Dans la journée de vendredi, un rapport a été publié destiné à la protection fonctionnelle des gendarmes et de la police. Il n’y aura donc aucune présomption de légitime de défense.

Le 17 mai dernier, Manuel Valls lançait une mission pendant sa visite en Seine-Saint-Denis. Un mouvement de contestation mis en place par la police résonnait à Noisy-le-Sec. La cause de cette vague de colère, la mise en examen d’un policier pour « homicide volontaire ». Il avait en effet abattu un multirécidiviste en fuite. Le rapport qui a été publié à la suite de la demande du ministre de l’Intérieur, un nouveau statut concernant la présomption de légitime défense ne sera pas créé.
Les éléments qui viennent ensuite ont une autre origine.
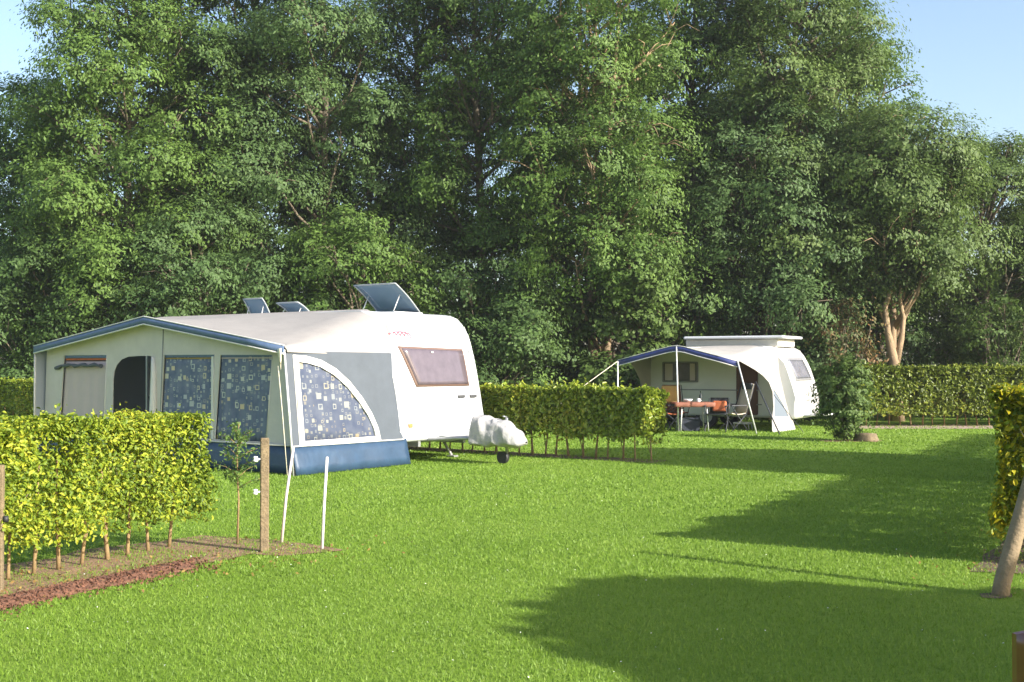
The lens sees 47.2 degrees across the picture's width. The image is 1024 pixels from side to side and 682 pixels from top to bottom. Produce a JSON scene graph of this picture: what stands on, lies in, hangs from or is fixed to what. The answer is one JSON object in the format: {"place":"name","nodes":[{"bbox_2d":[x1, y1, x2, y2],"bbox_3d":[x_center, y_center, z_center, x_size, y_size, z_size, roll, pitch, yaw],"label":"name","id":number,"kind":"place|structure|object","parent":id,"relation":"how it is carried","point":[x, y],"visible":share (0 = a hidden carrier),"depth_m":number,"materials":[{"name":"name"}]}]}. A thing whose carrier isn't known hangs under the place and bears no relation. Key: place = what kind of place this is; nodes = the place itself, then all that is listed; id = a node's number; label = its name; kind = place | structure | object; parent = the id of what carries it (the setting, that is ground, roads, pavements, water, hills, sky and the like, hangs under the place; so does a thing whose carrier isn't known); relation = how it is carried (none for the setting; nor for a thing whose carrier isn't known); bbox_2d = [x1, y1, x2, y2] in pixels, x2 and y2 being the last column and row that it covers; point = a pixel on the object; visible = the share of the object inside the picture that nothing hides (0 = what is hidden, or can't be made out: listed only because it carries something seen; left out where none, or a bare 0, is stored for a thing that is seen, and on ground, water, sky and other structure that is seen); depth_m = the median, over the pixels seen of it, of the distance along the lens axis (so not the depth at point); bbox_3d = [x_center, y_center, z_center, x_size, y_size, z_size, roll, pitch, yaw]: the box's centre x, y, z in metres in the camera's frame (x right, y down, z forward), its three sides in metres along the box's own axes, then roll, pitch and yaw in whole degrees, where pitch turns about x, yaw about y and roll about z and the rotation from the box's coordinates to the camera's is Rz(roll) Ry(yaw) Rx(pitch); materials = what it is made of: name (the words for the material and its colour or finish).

Mattias Guyomar, le conseiller d’État était en charge du dossier, il a donc transmis ses conclusions aux syndicats de la police et au ministre.

La mission a donc souhaité « écarter la création d’un nouveau cas de présomption de légitime défense ». Il est préférable de s’en tenir au « droit commun ». Lors de la révélation de ces mesures, le conseiller a également rappelé que les trois conditions devaient être réunies, la nécessité de répondre, la menace ainsi que la « proportionnalité de la riposte ». Le nouveau cadre légal d’usage des armes ne verra pas le jour que ce soit pour les gendarmes ou les policiers. La mission révèle tout de même la définition « d’un cadre juridique restrictif » qui aura pour objectif de rappeler « les conditions dans lesquelles l’usage des armes à feu est possible ».

Le conseiller a également fait part de la mise en place « d’une obligation de reclassement provisoire d’un agent bénéficiaire de la protection fonctionnelle » notamment lorsque l’agent « est mis en cause devant le juge pénal ».